Copy out exactly the lines that begin with the one containing "#1799 = EDGE_LOOP" and continue until the last line of the material.
--- The records ---
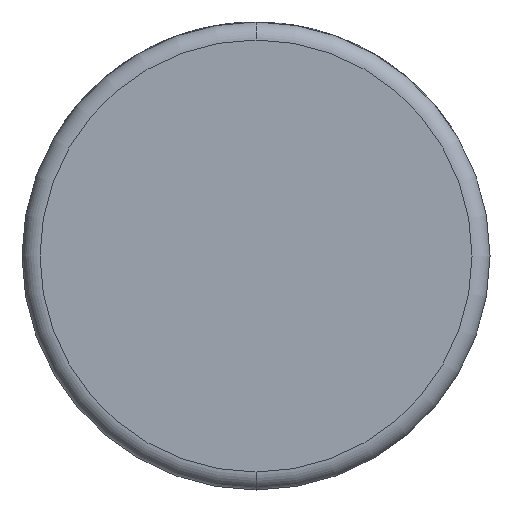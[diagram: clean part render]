
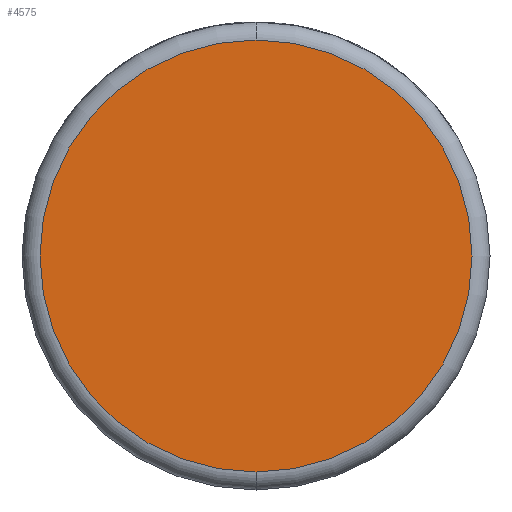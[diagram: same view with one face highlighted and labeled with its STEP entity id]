
A CAD part, front view. The second image highlights one B-rep face of the part: STEP entity #4575.
In plain terms, the highlighted planar face has unit normal (0, -1, 0).
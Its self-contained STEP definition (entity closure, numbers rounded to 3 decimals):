
#196 = CIRCLE ( 'NONE', #2069, 24. ) ;
#609 = DIRECTION ( 'NONE',  ( 0., 1., 0. ) ) ;
#915 = CARTESIAN_POINT ( 'NONE',  ( 0., 0., 0. ) ) ;
#1040 = EDGE_CURVE ( 'NONE', #4107, #1261, #196, .T. ) ;
#1261 = VERTEX_POINT ( 'NONE', #1690 ) ;
#1262 = DIRECTION ( 'NONE',  ( 0., -1., 0. ) ) ;
#1690 = CARTESIAN_POINT ( 'NONE',  ( 0., 0., -24. ) ) ;
#1799 = EDGE_LOOP ( 'NONE', ( #3249, #4885 ) ) ;
#2005 = DIRECTION ( 'NONE',  ( 0., 0., 1. ) ) ;
#2069 = AXIS2_PLACEMENT_3D ( 'NONE', #4020, #1262, #2005 ) ;
#2193 = DIRECTION ( 'NONE',  ( 0., 0., 1. ) ) ;
#2555 = CARTESIAN_POINT ( 'NONE',  ( 0., 0., 0. ) ) ;
#2556 = CARTESIAN_POINT ( 'NONE',  ( 0., 0., 24. ) ) ;
#2675 = AXIS2_PLACEMENT_3D ( 'NONE', #915, #609, #2193 ) ;
#2799 = CIRCLE ( 'NONE', #3150, 24. ) ;
#2902 = EDGE_CURVE ( 'NONE', #1261, #4107, #2799, .T. ) ;
#3150 = AXIS2_PLACEMENT_3D ( 'NONE', #2555, #4169, #4120 ) ;
#3249 = ORIENTED_EDGE ( 'NONE', *, *, #1040, .T. ) ;
#3602 = FACE_OUTER_BOUND ( 'NONE', #1799, .T. ) ;
#4020 = CARTESIAN_POINT ( 'NONE',  ( 0., 0., 0. ) ) ;
#4107 = VERTEX_POINT ( 'NONE', #2556 ) ;
#4120 = DIRECTION ( 'NONE',  ( 0., 0., 1. ) ) ;
#4169 = DIRECTION ( 'NONE',  ( 0., -1., 0. ) ) ;
#4575 = ADVANCED_FACE ( 'NONE', ( #3602 ), #4828, .F. ) ;
#4828 = PLANE ( 'NONE',  #2675 ) ;
#4885 = ORIENTED_EDGE ( 'NONE', *, *, #2902, .T. ) ;
---
_Result_.
#1799 = EDGE_LOOP ( 'NONE', ( #3249, #4885 ) ) ;
#2005 = DIRECTION ( 'NONE',  ( 0., 0., 1. ) ) ;
#2069 = AXIS2_PLACEMENT_3D ( 'NONE', #4020, #1262, #2005 ) ;
#2193 = DIRECTION ( 'NONE',  ( 0., 0., 1. ) ) ;
#2555 = CARTESIAN_POINT ( 'NONE',  ( 0., 0., 0. ) ) ;
#2556 = CARTESIAN_POINT ( 'NONE',  ( 0., 0., 24. ) ) ;
#2675 = AXIS2_PLACEMENT_3D ( 'NONE', #915, #609, #2193 ) ;
#2799 = CIRCLE ( 'NONE', #3150, 24. ) ;
#2902 = EDGE_CURVE ( 'NONE', #1261, #4107, #2799, .T. ) ;
#3150 = AXIS2_PLACEMENT_3D ( 'NONE', #2555, #4169, #4120 ) ;
#3249 = ORIENTED_EDGE ( 'NONE', *, *, #1040, .T. ) ;
#3602 = FACE_OUTER_BOUND ( 'NONE', #1799, .T. ) ;
#4020 = CARTESIAN_POINT ( 'NONE',  ( 0., 0., 0. ) ) ;
#4107 = VERTEX_POINT ( 'NONE', #2556 ) ;
#4120 = DIRECTION ( 'NONE',  ( 0., 0., 1. ) ) ;
#4169 = DIRECTION ( 'NONE',  ( 0., -1., 0. ) ) ;
#4575 = ADVANCED_FACE ( 'NONE', ( #3602 ), #4828, .F. ) ;
#4828 = PLANE ( 'NONE',  #2675 ) ;
#4885 = ORIENTED_EDGE ( 'NONE', *, *, #2902, .T. ) ;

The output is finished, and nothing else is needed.